→ Problem statement: All lines holding the word "serif" are to be copied from the records beneath.

Provided records below:

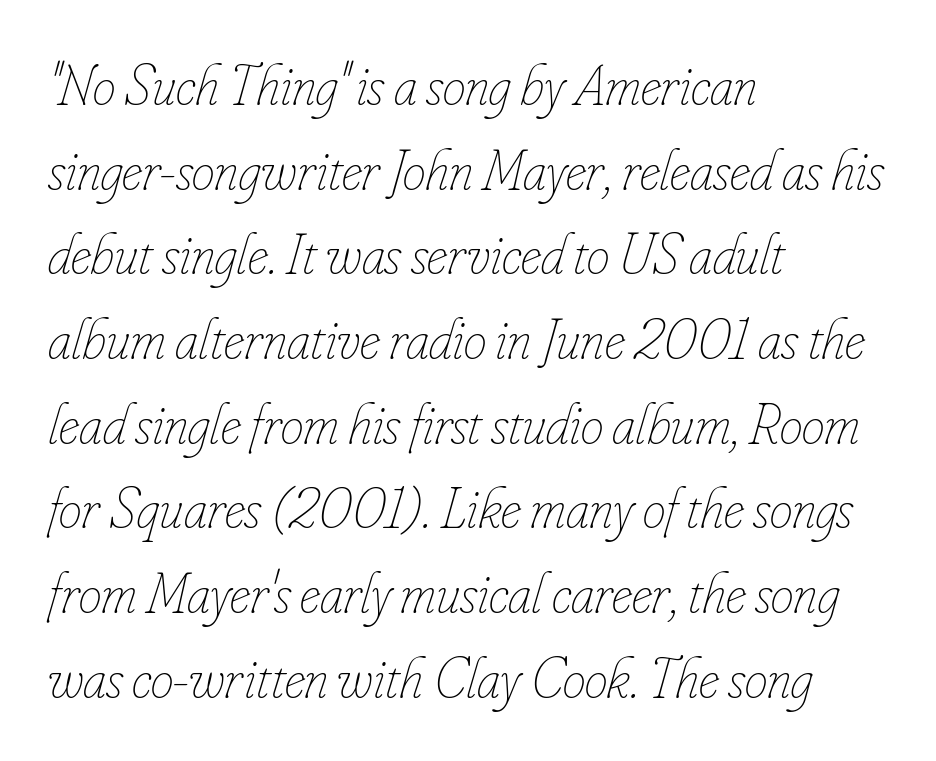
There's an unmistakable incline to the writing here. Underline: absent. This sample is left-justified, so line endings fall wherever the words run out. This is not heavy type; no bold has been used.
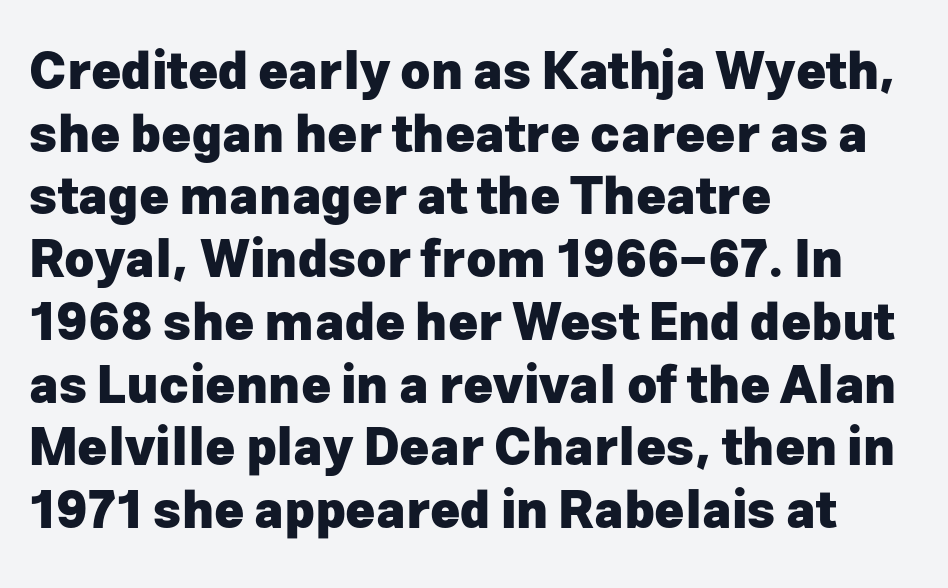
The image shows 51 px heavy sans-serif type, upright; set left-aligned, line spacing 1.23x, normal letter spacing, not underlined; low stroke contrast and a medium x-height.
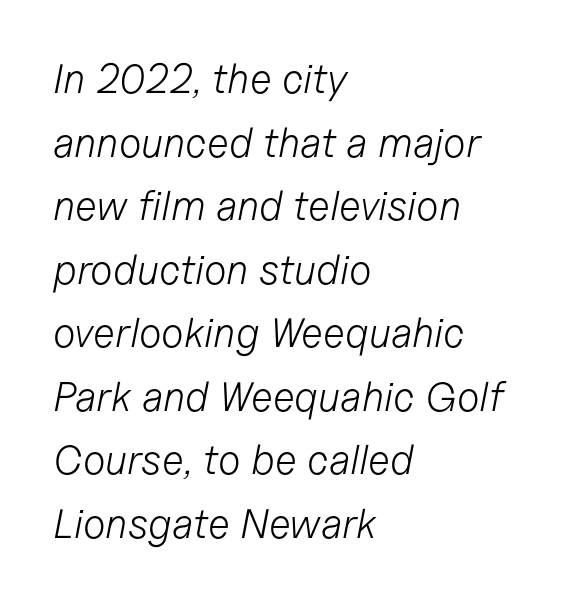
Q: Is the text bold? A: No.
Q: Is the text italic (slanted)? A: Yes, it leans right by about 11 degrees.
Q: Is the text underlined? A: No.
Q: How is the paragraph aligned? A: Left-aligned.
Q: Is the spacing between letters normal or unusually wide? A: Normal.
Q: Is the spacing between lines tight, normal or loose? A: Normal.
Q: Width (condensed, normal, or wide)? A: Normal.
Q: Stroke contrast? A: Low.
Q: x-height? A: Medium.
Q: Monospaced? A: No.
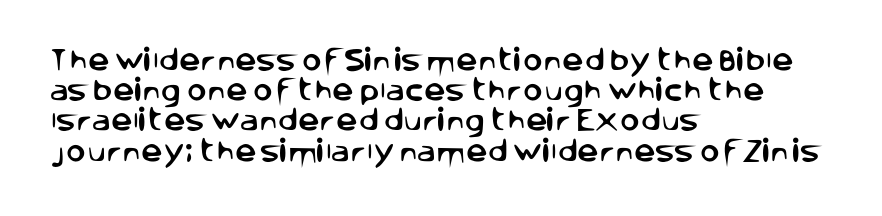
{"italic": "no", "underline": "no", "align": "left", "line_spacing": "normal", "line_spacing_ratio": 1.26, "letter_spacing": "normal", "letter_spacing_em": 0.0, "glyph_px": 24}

End of Provided records.
Provided records below:

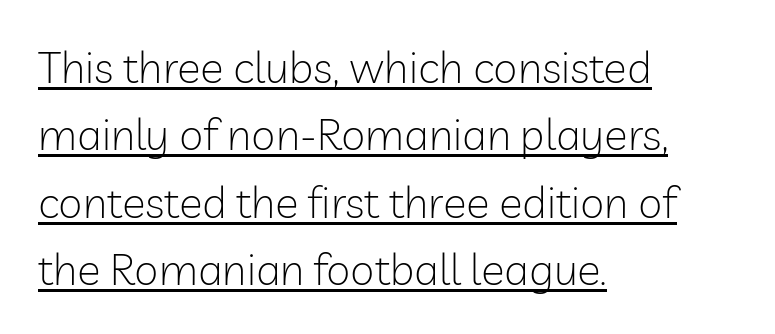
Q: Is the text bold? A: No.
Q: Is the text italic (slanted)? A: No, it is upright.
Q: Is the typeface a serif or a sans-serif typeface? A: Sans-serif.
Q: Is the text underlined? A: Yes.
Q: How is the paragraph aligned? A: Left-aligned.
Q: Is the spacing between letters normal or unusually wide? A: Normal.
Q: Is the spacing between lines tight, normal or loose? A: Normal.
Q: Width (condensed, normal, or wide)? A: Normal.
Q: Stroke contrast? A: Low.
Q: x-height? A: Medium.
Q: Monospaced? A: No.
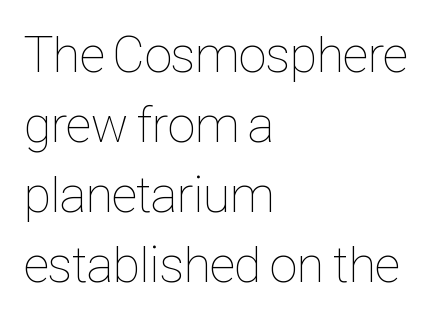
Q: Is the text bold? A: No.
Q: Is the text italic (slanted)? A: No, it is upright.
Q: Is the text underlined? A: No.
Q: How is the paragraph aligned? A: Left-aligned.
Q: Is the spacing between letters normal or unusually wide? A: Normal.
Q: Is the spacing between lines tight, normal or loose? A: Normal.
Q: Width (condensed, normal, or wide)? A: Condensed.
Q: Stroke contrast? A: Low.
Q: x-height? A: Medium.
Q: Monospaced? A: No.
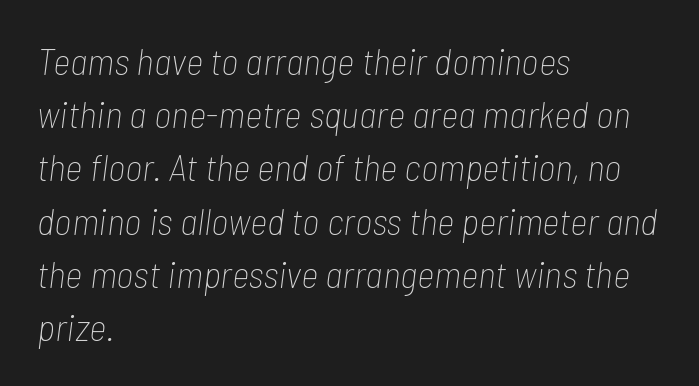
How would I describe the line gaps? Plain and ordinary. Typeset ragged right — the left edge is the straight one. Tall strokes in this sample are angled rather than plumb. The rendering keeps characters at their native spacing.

End of Provided records.

→ Response area:
The image shows 51 px heavy sans-serif type, upright; set left-aligned, line spacing 1.23x, normal letter spacing, not underlined; low stroke contrast and a medium x-height.
Q: Is the typeface a serif or a sans-serif typeface? A: Sans-serif.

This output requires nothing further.